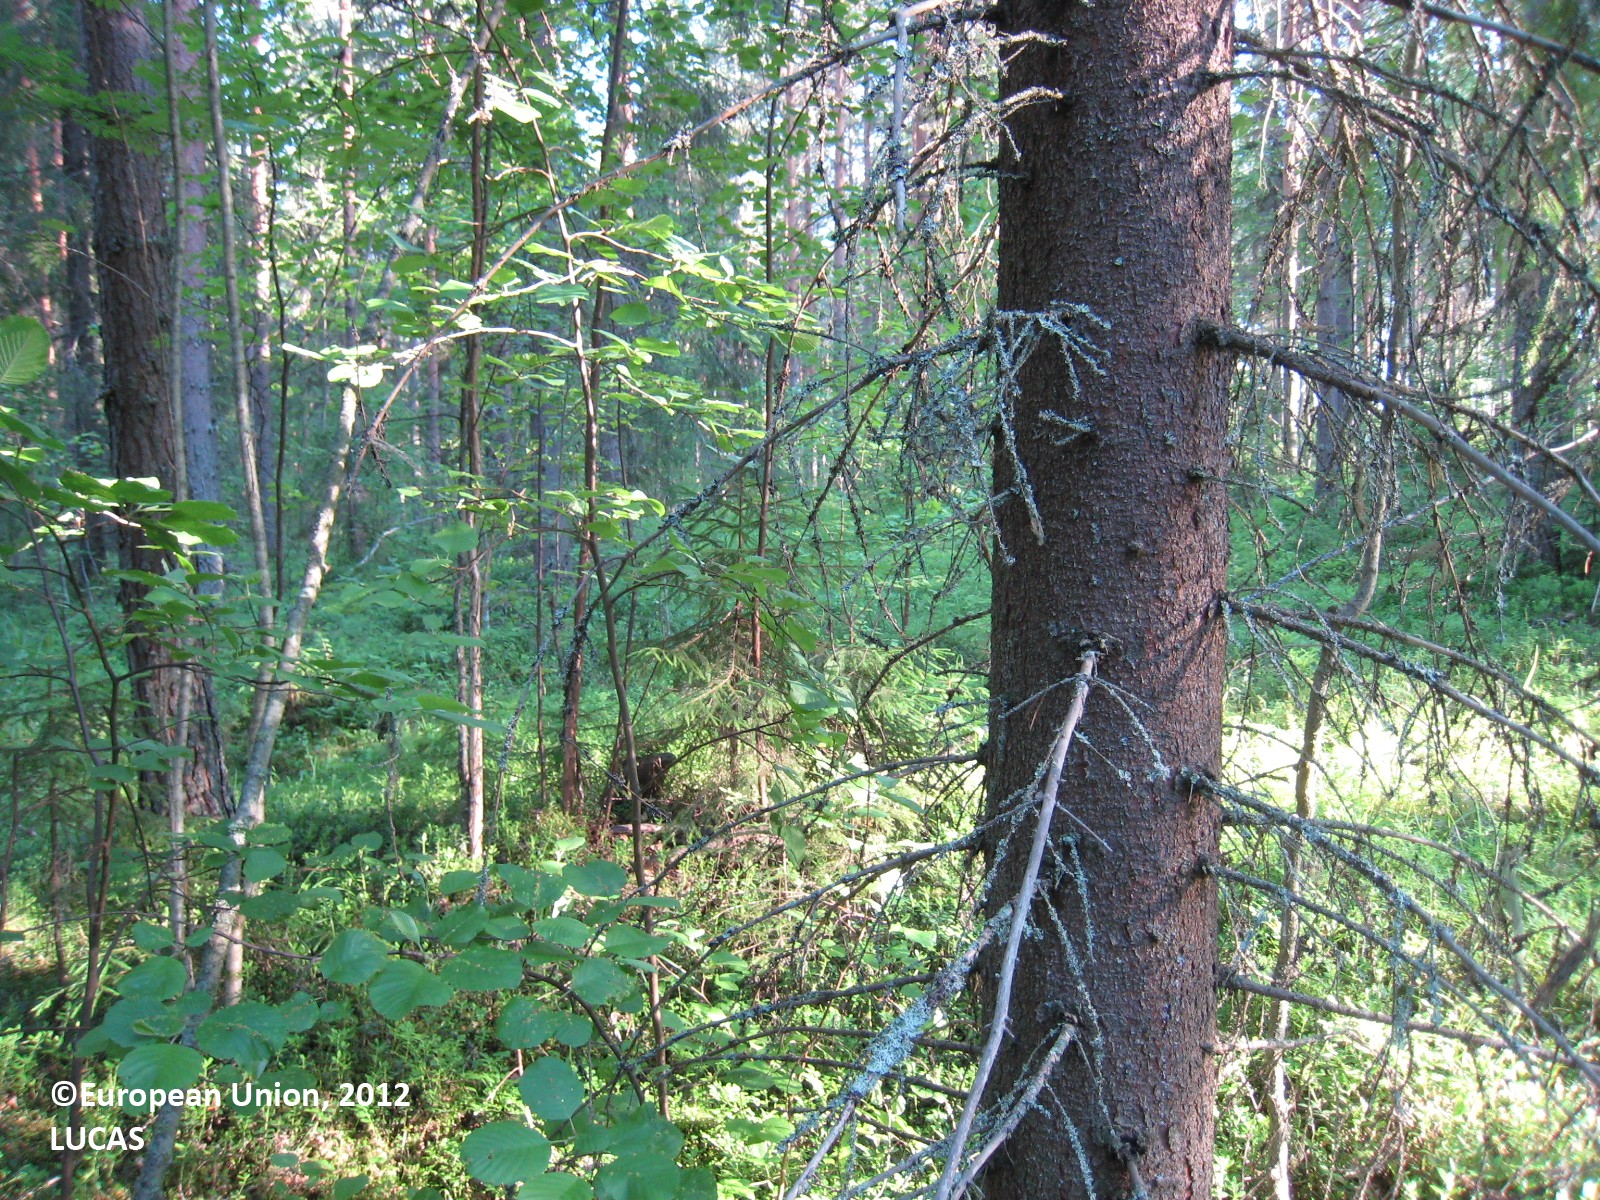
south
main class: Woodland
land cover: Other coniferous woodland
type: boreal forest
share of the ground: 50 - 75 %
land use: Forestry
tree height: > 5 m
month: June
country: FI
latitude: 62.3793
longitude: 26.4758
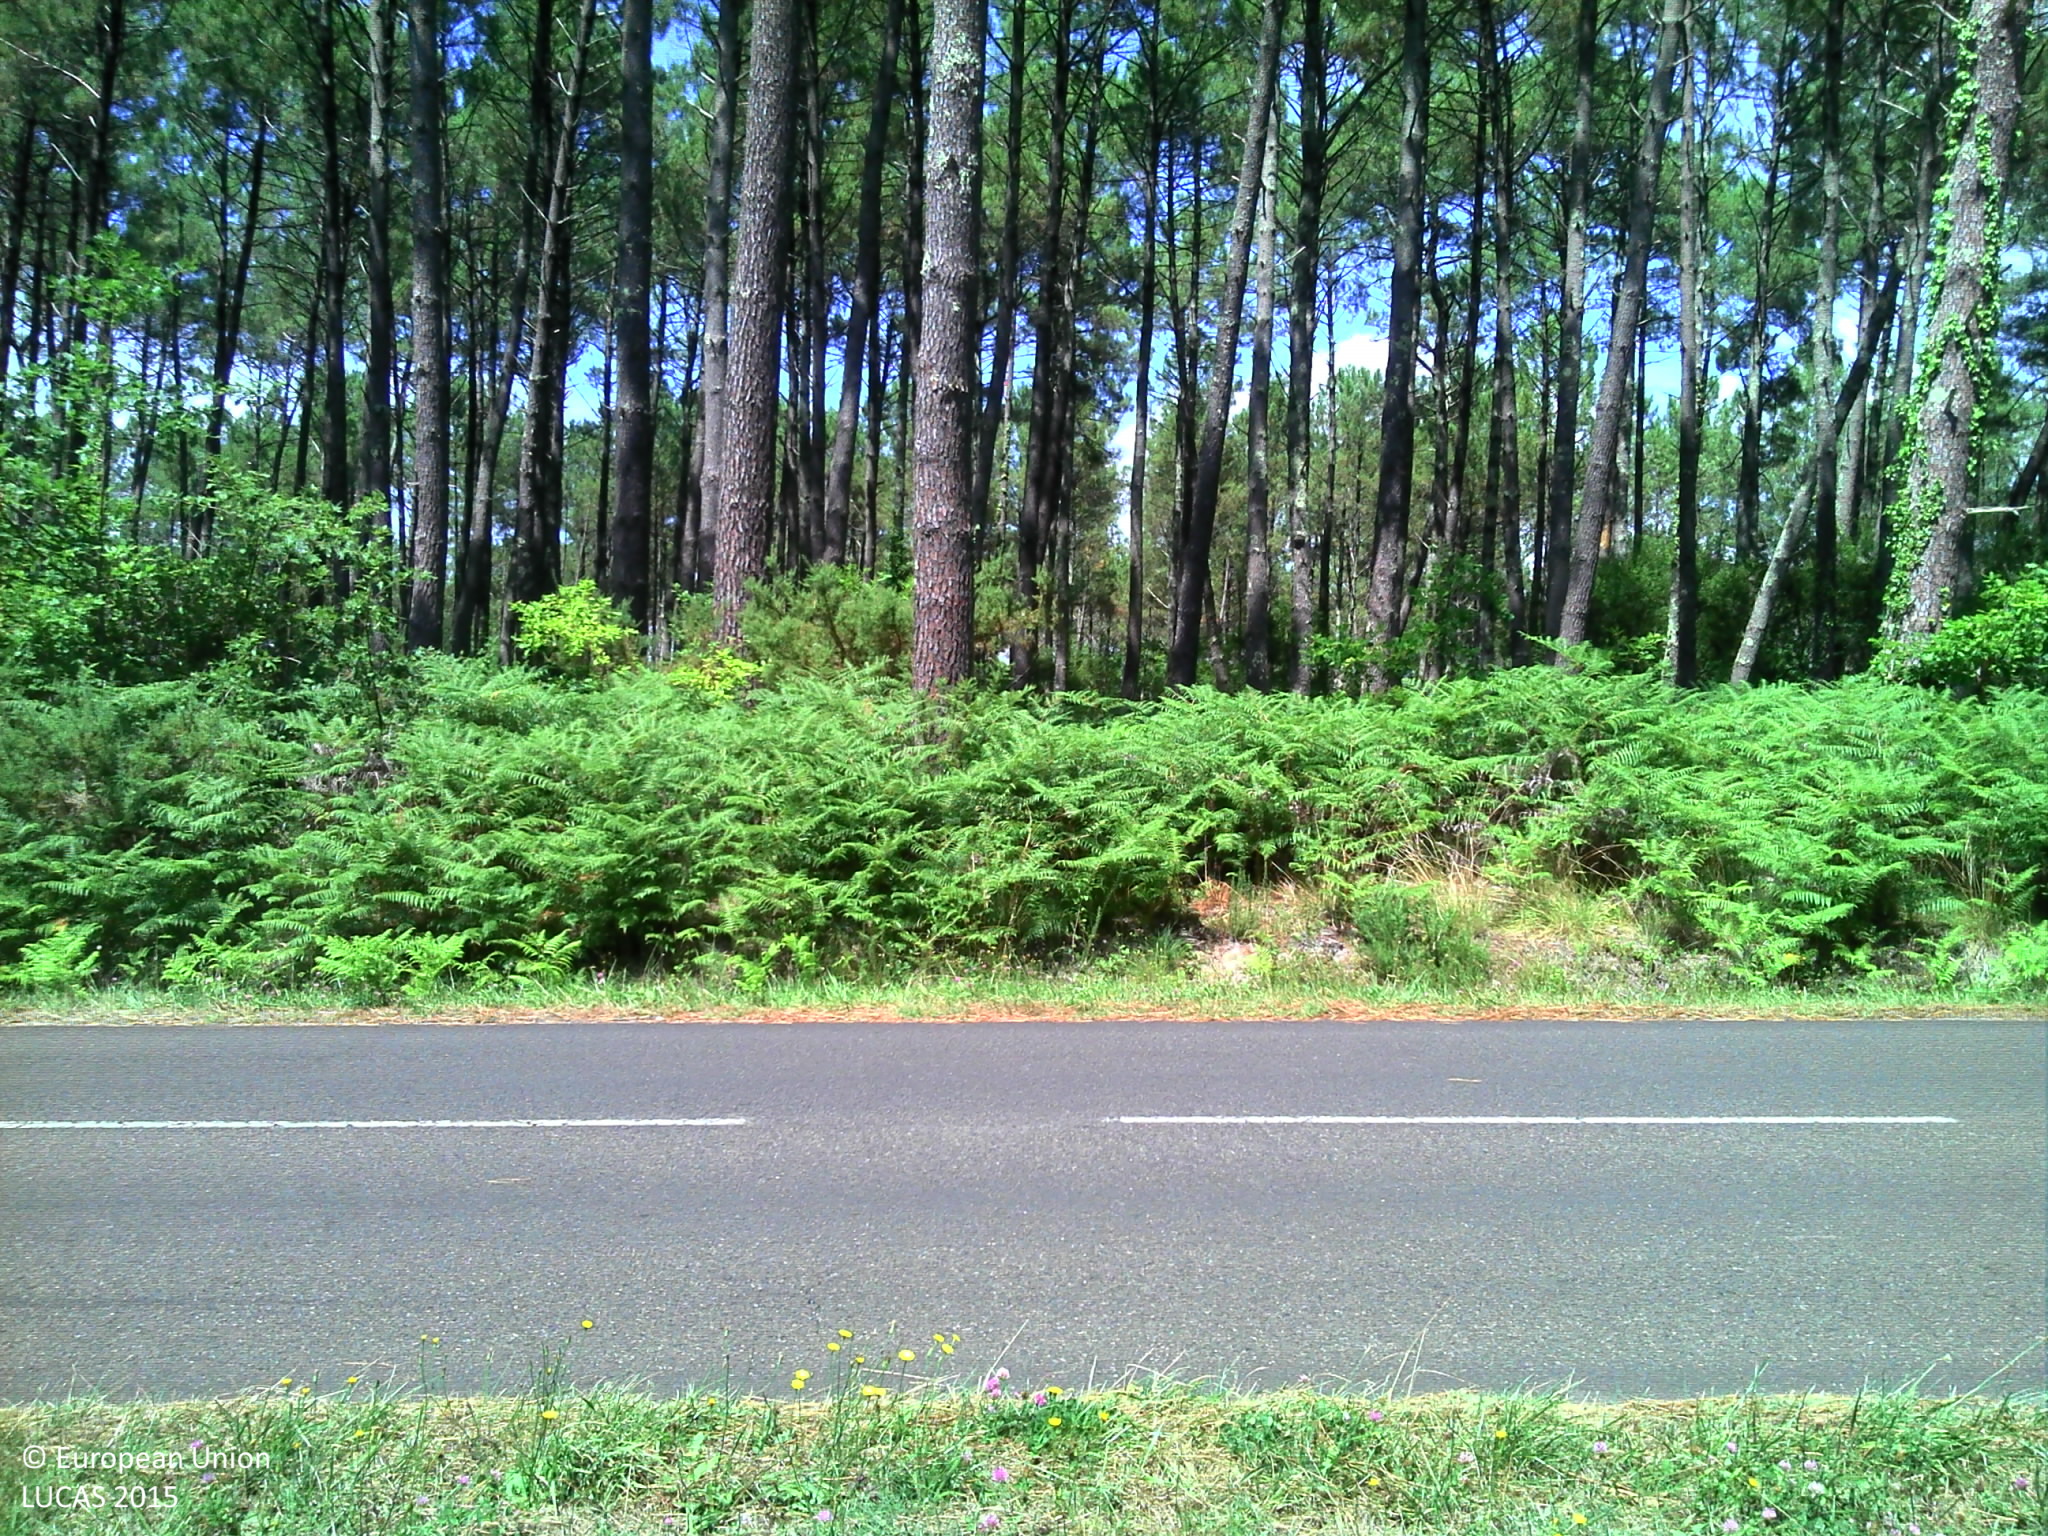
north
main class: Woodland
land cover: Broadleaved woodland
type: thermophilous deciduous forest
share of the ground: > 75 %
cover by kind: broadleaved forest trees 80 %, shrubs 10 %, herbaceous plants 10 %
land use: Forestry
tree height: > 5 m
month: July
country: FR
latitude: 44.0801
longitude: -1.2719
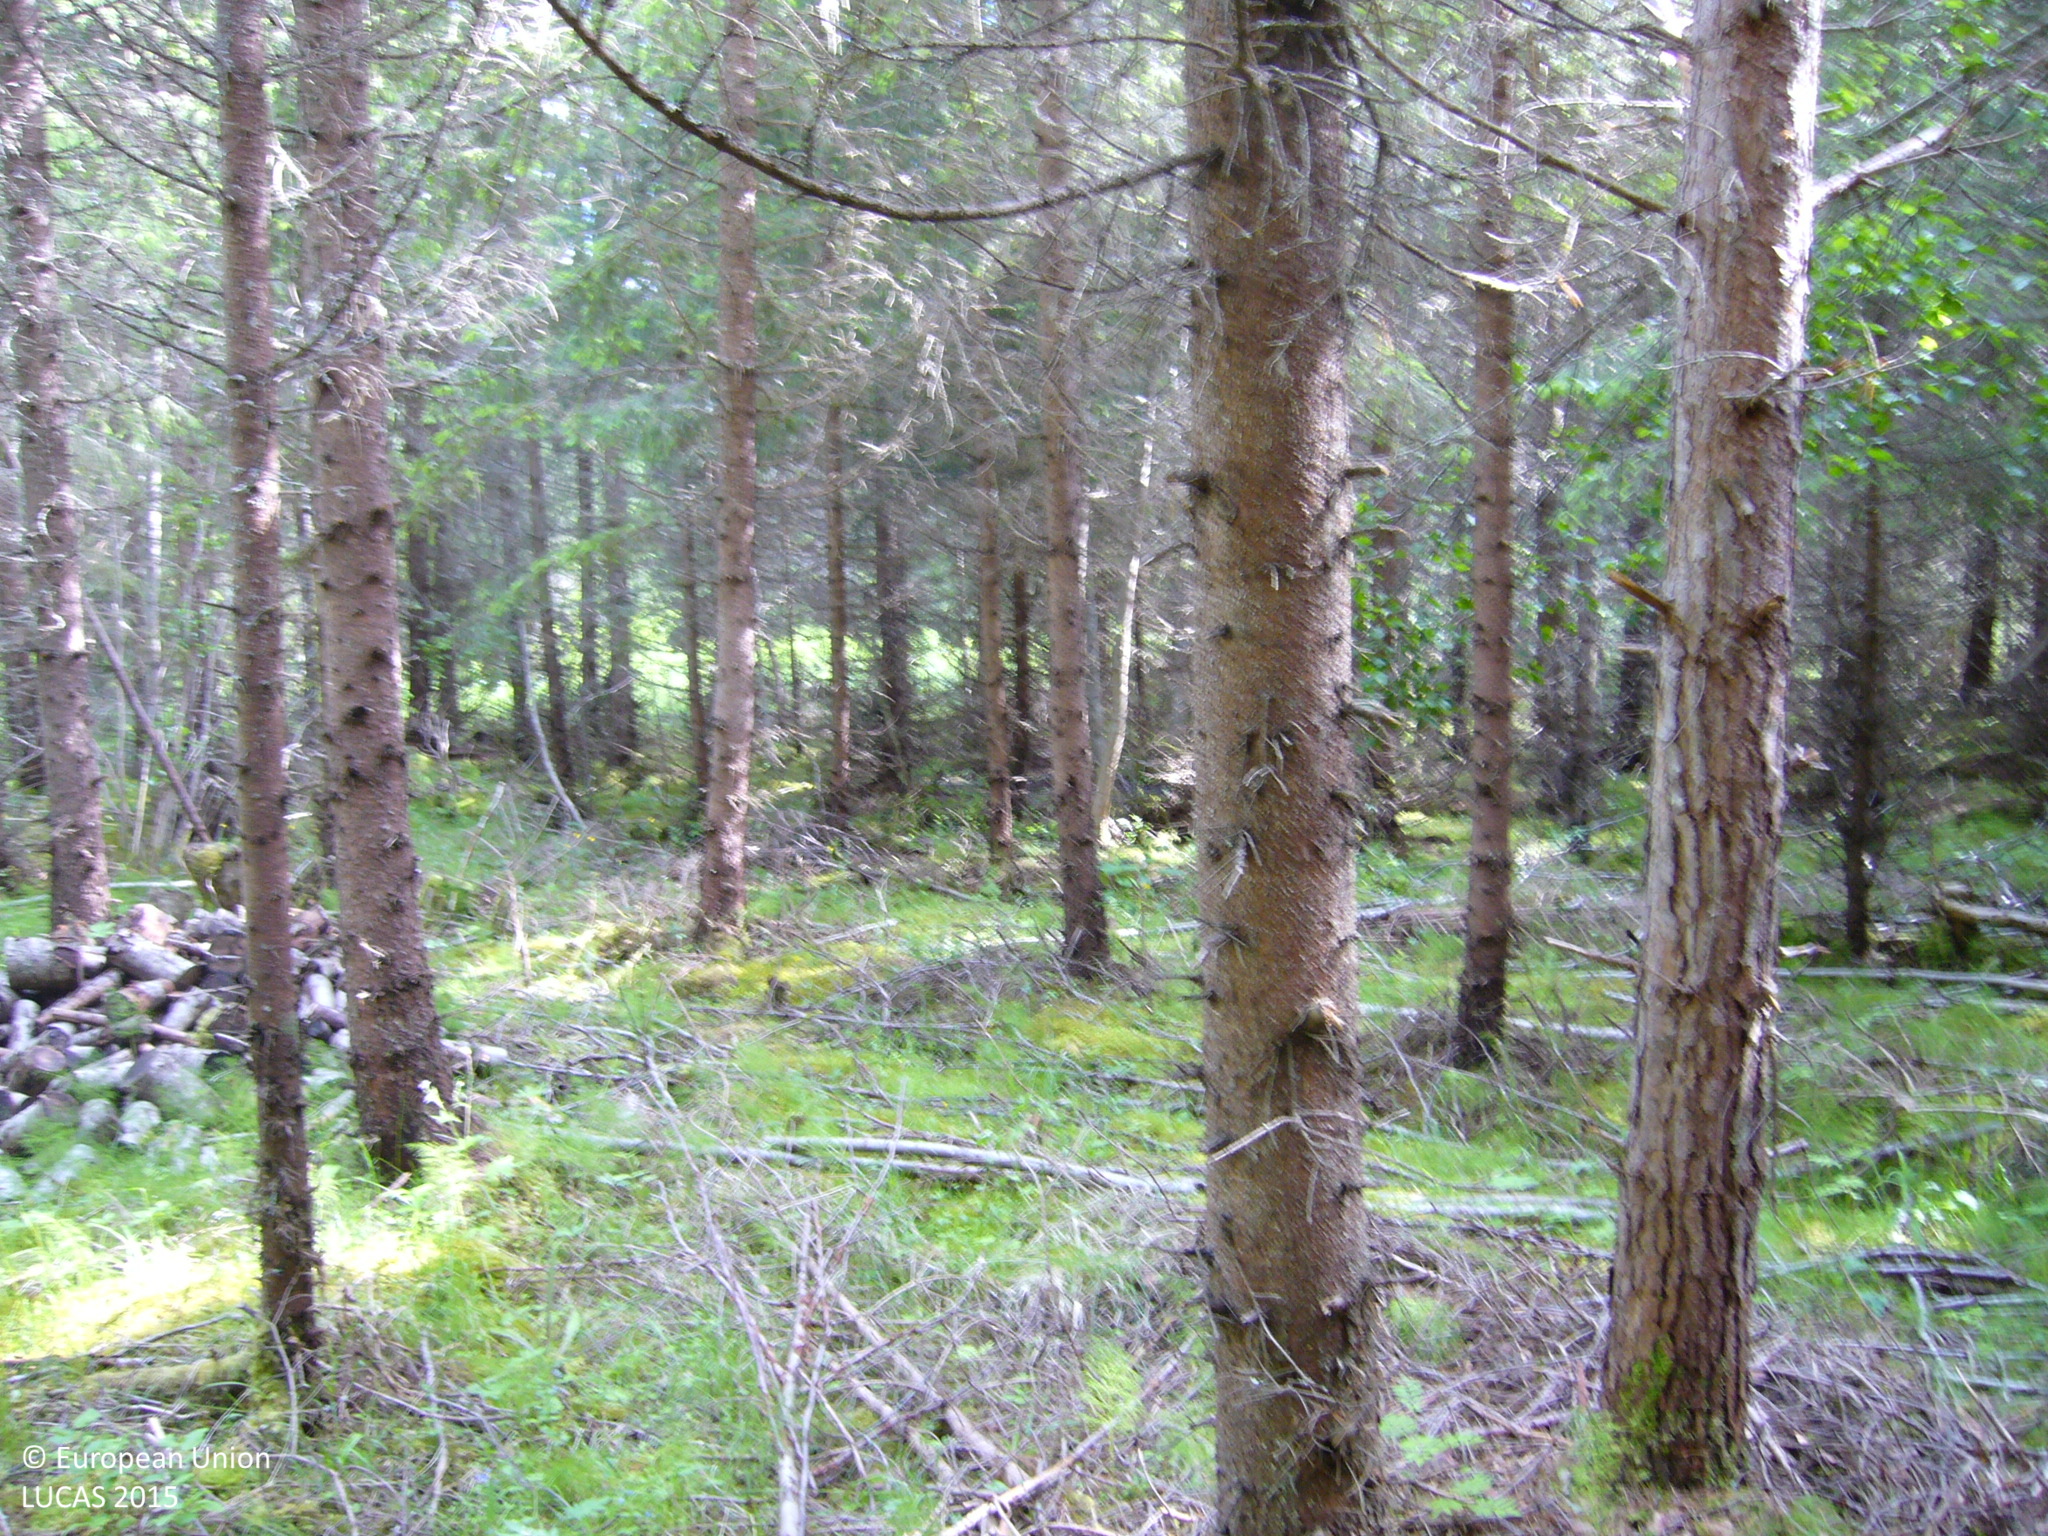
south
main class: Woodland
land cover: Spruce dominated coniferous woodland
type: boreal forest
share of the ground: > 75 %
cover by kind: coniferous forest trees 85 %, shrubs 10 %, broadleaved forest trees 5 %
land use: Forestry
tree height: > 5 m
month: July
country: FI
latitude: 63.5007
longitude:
────────────────────
Work required:
Give the data again exactly. Keep the images out.

Solution to this problem:
south
main class: Woodland
land cover: Other coniferous woodland
type: boreal forest
share of the ground: 50 - 75 %
land use: Forestry
tree height: > 5 m
month: June
country: FI
latitude: 62.3793
longitude: 26.4758
north
main class: Woodland
land cover: Broadleaved woodland
type: thermophilous deciduous forest
share of the ground: > 75 %
cover by kind: broadleaved forest trees 80 %, shrubs 10 %, herbaceous plants 10 %
land use: Forestry
tree height: > 5 m
month: July
country: FR
latitude: 44.0801
longitude: -1.2719
south
main class: Woodland
land cover: Spruce dominated coniferous woodland
type: boreal forest
share of the ground: > 75 %
cover by kind: coniferous forest trees 85 %, shrubs 10 %, broadleaved forest trees 5 %
land use: Forestry
tree height: > 5 m
month: July
country: FI
latitude: 63.5007
longitude:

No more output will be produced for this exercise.